Create `~/.config/kelora/config.ini`:
```ini
# Set default arguments for all kelora commands  
defaults = --format auto --stats --parallel --input-tz UTC

[aliases]
errors = -l error --since 1h --stats 
warnings = --filter 'e.level == "warn" || e.level == "warning"'
slow-queries = --filter 'e.duration > 1000' --exec 'e.slow = true' --keys timestamp,query,duration
```

Usage:
```bash
kelora app.log                          # Uses defaults: auto format, stats, parallel processing
kelora --config-file custom.ini app.log # Uses custom config  
kelora --no-stats app.log               # Overrides defaults: no stats
kelora -a errors app.log                # Uses 'errors' alias from config
```

## Kelora vs Other Tools (When to Use What)

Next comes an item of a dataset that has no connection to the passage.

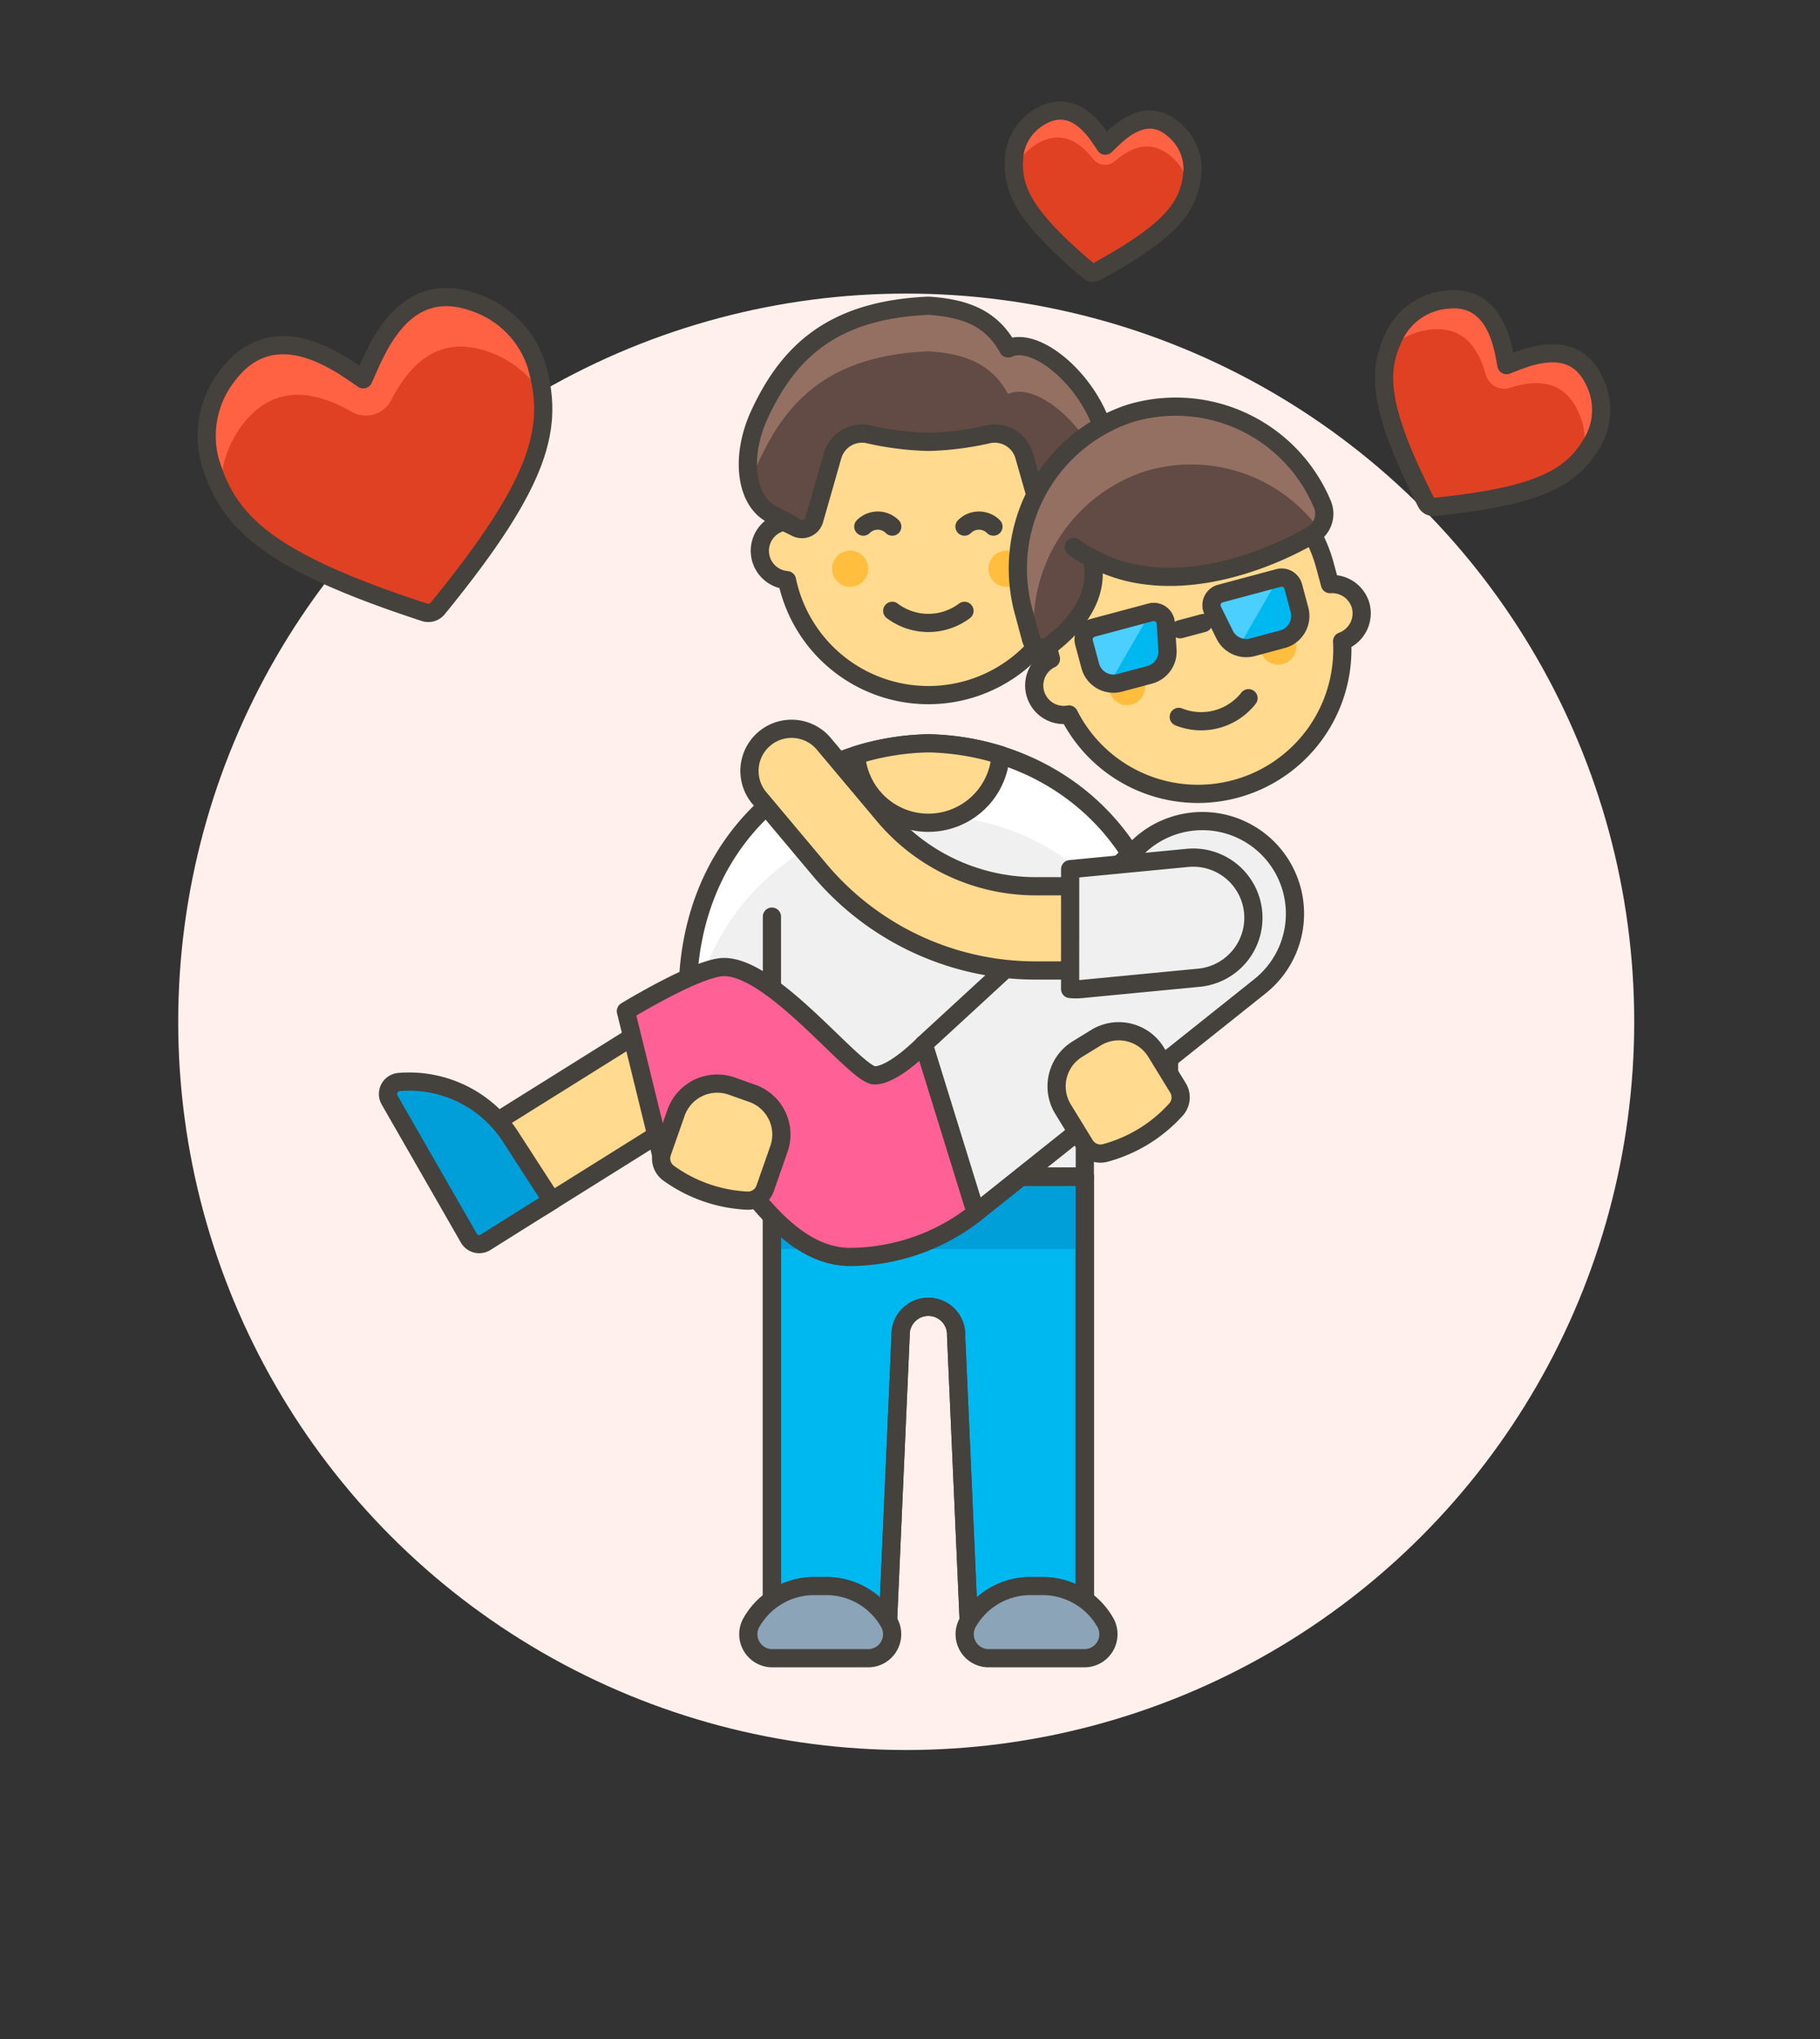 <svg id="Multicolor" xmlns="http://www.w3.org/2000/svg" viewBox="0 0 100 112"><rect x="0" y="0" width="100" height="112" fill="#333333" stroke="none"/><defs><style>.cls-1{fill:#fff0ed;}.cls-2{fill:#e04122;}.cls-3{fill:#ff6242;}.cls-4{fill:none;}.cls-10,.cls-14,.cls-15,.cls-16,.cls-4,.cls-6,.cls-8{stroke:#45413c;stroke-linecap:round;stroke-linejoin:round;}.cls-15,.cls-5{fill:#f0f0f0;}.cls-18,.cls-6{fill:#00b8f0;}.cls-16,.cls-7{fill:#009fd9;}.cls-8{fill:#ffda8f;}.cls-9{fill:#fff;}.cls-10{fill:#8ca4b8;}.cls-11{fill:#614b44;}.cls-12{fill:#947063;}.cls-13{fill:#ffbe3d;}.cls-14{fill:#ff6196;}.cls-17{fill:#45413c;}.cls-19{fill:#4acfff;}</style></defs><title>102- couple-gay-hold-in-arms</title><g id="Background"><g id="New_Symbol_25" data-name="New Symbol 25"><circle class="cls-1" cx="49.792" cy="56.126" r="40"/></g></g><g id="Scene"><path class="cls-2" d="M23.33,33.636a.663.663,0,0,0,.716-.21C29.82,26.351,30.458,23.4,29.46,20.011h0a5.367,5.367,0,0,0-3.322-3.375h0c-4.056-1.51-5.505,2.766-6.176,4.2-.939-.593-4.777-3.783-7.466-.2h0a5.367,5.367,0,0,0-.973,4.635h0C12.515,28.668,14.649,30.8,23.33,33.636Z"/><path class="cls-3" d="M13.3,23.362c1.9-2.539,4.384-1.681,6-.753a1.574,1.574,0,0,0,2.19-.622c.889-1.718,2.462-3.741,5.447-2.629A5.6,5.6,0,0,1,29.8,21.7a9.344,9.344,0,0,0-.341-1.69,5.362,5.362,0,0,0-3.323-3.374c-4.055-1.511-5.5,2.765-6.174,4.2-.94-.593-4.778-3.783-7.467-.2a5.364,5.364,0,0,0-.973,4.635,9.422,9.422,0,0,0,.626,1.607A5.6,5.6,0,0,1,13.3,23.362Z"/><path class="cls-4" d="M23.33,33.636a.663.663,0,0,0,.716-.21C29.82,26.351,30.458,23.4,29.46,20.011h0a5.367,5.367,0,0,0-3.322-3.375h0c-4.056-1.51-5.505,2.766-6.176,4.2-.939-.593-4.777-3.783-7.466-.2h0a5.367,5.367,0,0,0-.973,4.635h0C12.515,28.668,14.649,30.8,23.33,33.636Z"/><path class="cls-2" d="M78.367,27.609a.433.433,0,0,0,.432.236c6-.607,7.682-1.688,8.8-3.738h0a3.546,3.546,0,0,0,.025-3.13h0c-1.19-2.6-3.865-1.28-4.85-.922-.162-.717-.464-4-3.4-3.582h0a3.548,3.548,0,0,0-2.621,1.712h0C75.634,20.233,75.633,22.229,78.367,27.609Z"/><path class="cls-3" d="M78.478,18.118c2.076-.3,2.834,1.263,3.157,2.454a1.041,1.041,0,0,0,1.315.733c1.218-.387,2.9-.6,3.774,1.316a3.7,3.7,0,0,1,.244,2.435,6.2,6.2,0,0,0,.63-.949,3.546,3.546,0,0,0,.025-3.13c-1.19-2.6-3.865-1.28-4.849-.922-.163-.717-.465-4-3.4-3.582a3.546,3.546,0,0,0-2.621,1.712,6.252,6.252,0,0,0-.458,1.043A3.7,3.7,0,0,1,78.478,18.118Z"/><path class="cls-4" d="M78.367,27.609a.433.433,0,0,0,.432.236c6-.607,7.682-1.688,8.8-3.738h0a3.546,3.546,0,0,0,.025-3.13h0c-1.19-2.6-3.865-1.28-4.85-.922-.162-.717-.464-4-3.4-3.582h0a3.548,3.548,0,0,0-2.621,1.712h0C75.634,20.233,75.633,22.229,78.367,27.609Z"/><path class="cls-2" d="M59.83,14.9a.345.345,0,0,0,.39.04c4.219-2.3,5.116-3.61,5.3-5.461h0a2.824,2.824,0,0,0-.949-2.3h0C62.9,5.635,61.342,7.43,60.731,8c-.34-.476-1.577-2.793-3.6-1.58h0a2.826,2.826,0,0,0-1.395,2.066h0C55.546,10.333,56.162,11.8,59.83,14.9Z"/><path class="cls-3" d="M56.98,7.9c1.432-.859,2.47.052,3.075.826a.829.829,0,0,0,1.191.132c.775-.661,1.943-1.334,3.177-.2a2.947,2.947,0,0,1,.93,1.712,4.972,4.972,0,0,0,.17-.892,2.824,2.824,0,0,0-.949-2.3C62.9,5.635,61.342,7.43,60.731,8c-.34-.476-1.577-2.793-3.6-1.58a2.824,2.824,0,0,0-1.395,2.066,4.925,4.925,0,0,0-.014.907A2.946,2.946,0,0,1,56.98,7.9Z"/><path class="cls-4" d="M59.83,14.9a.345.345,0,0,0,.39.04c4.219-2.3,5.116-3.61,5.3-5.461h0a2.824,2.824,0,0,0-.949-2.3h0C62.9,5.635,61.342,7.43,60.731,8c-.34-.476-1.577-2.793-3.6-1.58h0a2.826,2.826,0,0,0-1.395,2.066h0C55.546,10.333,56.162,11.8,59.83,14.9Z"/><path class="cls-5" d="M51.009,40.829c-6.823.134-13.225,5.149-13.225,13.887h4.629v9.919H59.605V54.716h4.629C64.234,45.978,57.832,40.963,51.009,40.829Z"/><path class="cls-6" d="M42.413,64.635V89.763h6.348l.724-16.4a1.525,1.525,0,1,1,3.048,0l.725,16.4h6.347V64.635Z"/><rect class="cls-7" x="42.413" y="64.635" width="17.193" height="3.968"/><path class="cls-4" d="M42.413,64.635V89.763h6.348l.724-16.4a1.525,1.525,0,1,1,3.048,0l.725,16.4h6.347V64.635Z"/><path class="cls-8" d="M61.92,61.328h0a2.315,2.315,0,0,1-2.315-2.314v-4.3h4.629v4.3A2.314,2.314,0,0,1,61.92,61.328Z"/><path class="cls-8" d="M40.1,65.3h0a2.314,2.314,0,0,1-2.314-2.314V54.716h4.629v8.266A2.314,2.314,0,0,1,40.1,65.3Z"/><path class="cls-9" d="M51.009,44.8A13.153,13.153,0,0,1,63.75,54.716h.484c0-8.738-6.4-13.753-13.225-13.887-6.823.134-13.225,5.149-13.225,13.887h.484A13.153,13.153,0,0,1,51.009,44.8Z"/><path class="cls-4" d="M51.009,40.829c-6.823.134-13.225,5.149-13.225,13.887h4.629v9.919H59.605V54.716h4.629C64.234,45.978,57.832,40.963,51.009,40.829Z"/><line class="cls-4" x1="59.605" y1="54.716" x2="59.605" y2="50.349"/><line class="cls-4" x1="42.413" y1="54.716" x2="42.413" y2="50.349"/><path class="cls-8" d="M47.042,41.478v.013a3.977,3.977,0,0,0,7.935,0v-.013a14.129,14.129,0,0,0-3.967-.649A14.129,14.129,0,0,0,47.042,41.478Z"/><path class="cls-10" d="M42.447,91.085a1.318,1.318,0,0,1-1.186-1.918,3.965,3.965,0,0,1,3.473-2.049H45.4a3.968,3.968,0,0,1,3.474,2.049,1.318,1.318,0,0,1-1.187,1.918Z"/><path class="cls-10" d="M54.335,91.085a1.318,1.318,0,0,1-1.186-1.918,3.965,3.965,0,0,1,3.474-2.049h.661a3.968,3.968,0,0,1,3.474,2.049,1.318,1.318,0,0,1-1.187,1.918Z"/><g id="_Group_" data-name="&lt;Group&gt;"><path class="cls-11" d="M60.271,22.725c-1.106-2.365-3.525-4.223-4.881-3.586-.911-1.678-2.383-2.216-4.381-2.346-5.29.23-7.686,2.561-9.261,5.932-1.107,2.365-.783,4.853.722,5.557.6.28,1.711.941,2.5,1.419a3.956,3.956,0,0,0,1.954.576c2.692.073,3.405.111,4.09.112s1.4-.039,4.09-.112a3.953,3.953,0,0,0,1.954-.576c.784-.478,1.9-1.139,2.5-1.419C61.053,27.578,61.377,25.09,60.271,22.725Z"/><path class="cls-12" d="M41.748,25.229c1.575-3.371,3.971-5.7,9.261-5.932,2,.13,3.47.668,4.381,2.346,1.356-.637,3.775,1.221,4.881,3.586a7.232,7.232,0,0,1,.5,1.463,5.923,5.923,0,0,0-.5-3.967c-1.106-2.365-3.525-4.223-4.881-3.586-.911-1.678-2.383-2.216-4.381-2.346-5.29.23-7.686,2.561-9.261,5.932a5.918,5.918,0,0,0-.5,3.967A7.176,7.176,0,0,1,41.748,25.229Z"/><path class="cls-4" d="M60.271,22.725c-1.106-2.365-3.525-4.223-4.881-3.586-.911-1.678-2.383-2.216-4.381-2.346-5.29.23-7.686,2.561-9.261,5.932-1.107,2.365-.783,4.853.722,5.557.6.28,1.711.941,2.5,1.419a3.956,3.956,0,0,0,1.954.576c2.692.073,3.405.111,4.09.112s1.4-.039,4.09-.112a3.953,3.953,0,0,0,1.954-.576c.784-.478,1.9-1.139,2.5-1.419C61.053,27.578,61.377,25.09,60.271,22.725Z"/><path class="cls-8" d="M43.074,28.662v-.008l.673.334a.705.705,0,0,0,.994-.439l1-3.5a1.684,1.684,0,0,1,1.982-1.193,16.508,16.508,0,0,0,3.286.415,16.508,16.508,0,0,0,3.286-.415,1.684,1.684,0,0,1,1.982,1.193l1,3.5a.706.706,0,0,0,.994.439l.673-.334v.008a1.619,1.619,0,0,1-.166,3.206,7.936,7.936,0,0,1-15.537,0,1.619,1.619,0,0,1-.167-3.206Z"/><circle class="cls-13" cx="55.307" cy="31.24" r="0.992"/><circle class="cls-13" cx="46.711" cy="31.24" r="0.992"/><path class="cls-4" d="M47.434,28.926a1.124,1.124,0,0,1,1.591,0"/><path class="cls-4" d="M54.584,28.926a1.124,1.124,0,0,0-1.591,0"/><path class="cls-4" d="M49.025,33.554a3.3,3.3,0,0,0,3.968,0"/></g><path class="cls-8" d="M28.5,66.618a2.645,2.645,0,0,1-1.4-4.888l10.58-6.613a2.652,2.652,0,0,1,3.123.235l5.863,5.026a2.638,2.638,0,0,0,3.414.024L62.509,50.039A2.644,2.644,0,1,1,65.9,54.1L53.459,64.465a7.907,7.907,0,0,1-10.243-.071l-4.387-3.761L29.9,66.217A2.628,2.628,0,0,1,28.5,66.618Z"/><path class="cls-14" d="M34.39,55.542l2.071,8.432a3.546,3.546,0,0,1,2.315-.993c1.355,0,3.78,6.062,7.935,6.062a11.252,11.252,0,0,0,6.91-2.425l-2.865-9.257s-1.653,1.708-2.7,1.708-5.518-5.951-8.274-5.951C38.357,53.118,34.39,55.542,34.39,55.542Z"/><path class="cls-15" d="M50.756,57.361,62.614,46.448a5.089,5.089,0,1,1,6.619,7.723L53.621,66.618Z"/><path class="cls-8" d="M64.234,50.994a2.314,2.314,0,0,1-2.315,2.314h-5a15.5,15.5,0,0,1-11.9-5.546L41.693,43.8a2.314,2.314,0,0,1,3.544-2.975l3.327,3.962a10.889,10.889,0,0,0,8.356,3.894h5A2.314,2.314,0,0,1,64.234,50.994Z"/><path class="cls-15" d="M58.8,47.743l6.445-.62a3.306,3.306,0,1,1,.634,6.582l-6.445.62a3.378,3.378,0,0,1-.636,0Z"/><path class="cls-16" d="M30.322,65.952l-2.266-3.506a6.636,6.636,0,0,0-6.132-3.012.661.661,0,0,0-.518.988l4.352,7.584a.661.661,0,0,0,.925.23Z"/><path class="cls-8" d="M74.765,33.276a1.629,1.629,0,0,0-1.688-1.19L72.8,31.063a7.935,7.935,0,0,0-15.33,4.107l.274,1.023a1.62,1.62,0,0,0,.991,3.054,7.936,7.936,0,0,0,15.008-4.021A1.638,1.638,0,0,0,74.765,33.276Z"/><circle class="cls-13" cx="61.928" cy="37.742" r="0.992"/><circle class="cls-13" cx="70.231" cy="35.517" r="0.992"/><path class="cls-4" d="M68.6,38.352a3.308,3.308,0,0,1-3.833,1.027"/><path class="cls-17" d="M62.521,33.853a.992.992,0,1,0,.958.735.992.992,0,0,0-.958-.735Z"/><path class="cls-17" d="M68.269,32.312a.993.993,0,1,0,.958.736.992.992,0,0,0-.958-.736Z"/><path class="cls-11" d="M62.084,22.709a8.972,8.972,0,0,0-5.817,10.97l.38,1.416a.661.661,0,0,0,1.039.356c1.1-.833,2.883-2.577,2.285-4.808,3.844,2.141,8.857.616,12.123-1.266a1.335,1.335,0,0,0,.568-1.667A8.73,8.73,0,0,0,62.084,22.709Z"/><path class="cls-12" d="M62.934,25.883a8.724,8.724,0,0,1,9.534,3.172,1.331,1.331,0,0,0,.194-1.345,8.73,8.73,0,0,0-10.578-5,8.972,8.972,0,0,0-5.817,10.97l.38,1.416a.645.645,0,0,0,.214.322A8.891,8.891,0,0,1,62.934,25.883Z"/><path class="cls-4" d="M62.084,22.709a8.972,8.972,0,0,0-5.817,10.97l.38,1.416a.661.661,0,0,0,1.039.356c1.1-.833,2.883-2.577,2.285-4.808,3.844,2.141,8.857.616,12.123-1.266a1.335,1.335,0,0,0,.568-1.667A8.73,8.73,0,0,0,62.084,22.709Z"/><path class="cls-4" d="M59.971,30.646a5.779,5.779,0,0,1-.975-.6"/><path class="cls-18" d="M63.171,37.067l-1.648.441a1.322,1.322,0,0,1-1.62-.935L59.561,35.3a.661.661,0,0,1,.467-.81l3.194-.856a.661.661,0,0,1,.831.6l.095,1.478A1.322,1.322,0,0,1,63.171,37.067Z"/><path class="cls-19" d="M63.222,33.63l-3.194.856a.661.661,0,0,0-.467.81l.342,1.277a1.324,1.324,0,0,0,1.064.963l2.255-3.906Z"/><path class="cls-4" d="M63.171,37.067l-1.648.441a1.322,1.322,0,0,1-1.62-.935L59.561,35.3a.661.661,0,0,1,.467-.81l3.194-.856a.661.661,0,0,1,.831.6l.095,1.478A1.322,1.322,0,0,1,63.171,37.067Z"/><path class="cls-18" d="M68.817,35.554l1.648-.442a1.322,1.322,0,0,0,.935-1.619l-.342-1.278a.661.661,0,0,0-.81-.467l-3.193.855a.661.661,0,0,0-.422.932l.656,1.327A1.323,1.323,0,0,0,68.817,35.554Z"/><path class="cls-19" d="M66.633,33.535l.656,1.327a1.322,1.322,0,0,0,.774.67l2.185-3.784h0l-3.193.855A.661.661,0,0,0,66.633,33.535Z"/><path class="cls-4" d="M68.817,35.554l1.648-.442a1.322,1.322,0,0,0,.935-1.619l-.342-1.278a.661.661,0,0,0-.81-.467l-3.193.855a.661.661,0,0,0-.422.932l.656,1.327A1.323,1.323,0,0,0,68.817,35.554Z"/><line class="cls-4" x1="64.842" y1="34.565" x2="66.119" y2="34.223"/><path class="cls-8" d="M36.74,64.443a1,1,0,0,1-.36-1.14l.764-2.178A2.4,2.4,0,0,1,40.2,59.656l1.131.4A2.4,2.4,0,0,1,42.8,63.106l-.763,2.178a1,1,0,0,1-.993.666A8.055,8.055,0,0,1,36.74,64.443Z"/><path class="cls-8" d="M60.726,63.331a1,1,0,0,1-1.112-.441l-1.207-1.968a2.4,2.4,0,0,1,.789-3.295L60.217,57a2.4,2.4,0,0,1,3.3.789l1.207,1.967a1,1,0,0,1-.11,1.191A8.068,8.068,0,0,1,60.726,63.331Z"/></g></svg>

**Kelora's Purpose**: Transform and analyze structured log events with programmable logic

**Choose Kelora When**: You need to filter, transform, or analyze log data programmatically

**Choose Other Tools When**:
- **Browsing/Exploring** → `lnav`: Purpose is interactive log exploration with syntax highlighting
- **Simple Text Search** → `ripgrep`: Purpose is fast pattern matching across files  
- **Complex JSON** → `jq`: Purpose is sophisticated JSON querying and transformation
- **Visualization** → Grafana: Purpose is creating dashboards and charts
- **Log Collection** → Fluentd: Purpose is shipping logs between systems

**The Independence Principle**: You can pipe Kelora's output to these tools - they complement rather than compete with each other.

### Similar Tools in the Log Processing Space

**Log Processing**:

- [angle-grinder](https://github.com/rcoh/angle-grinder) - Rust-based log processor with query syntax
- [lnav](https://github.com/tstack/lnav) - Advanced log viewer with many formats
- [pq](https://github.com/iximiuz/pq) - Log parser and query tool

**Text Processing**:

- [Miller](https://github.com/johnkerl/miller) - Name-indexed data processor (CSV, JSON, etc.)
- [jq](https://jqlang.github.io/jq/) - JSON processor and query language

## License

[MIT](LICENSE) - See LICENSE file for details.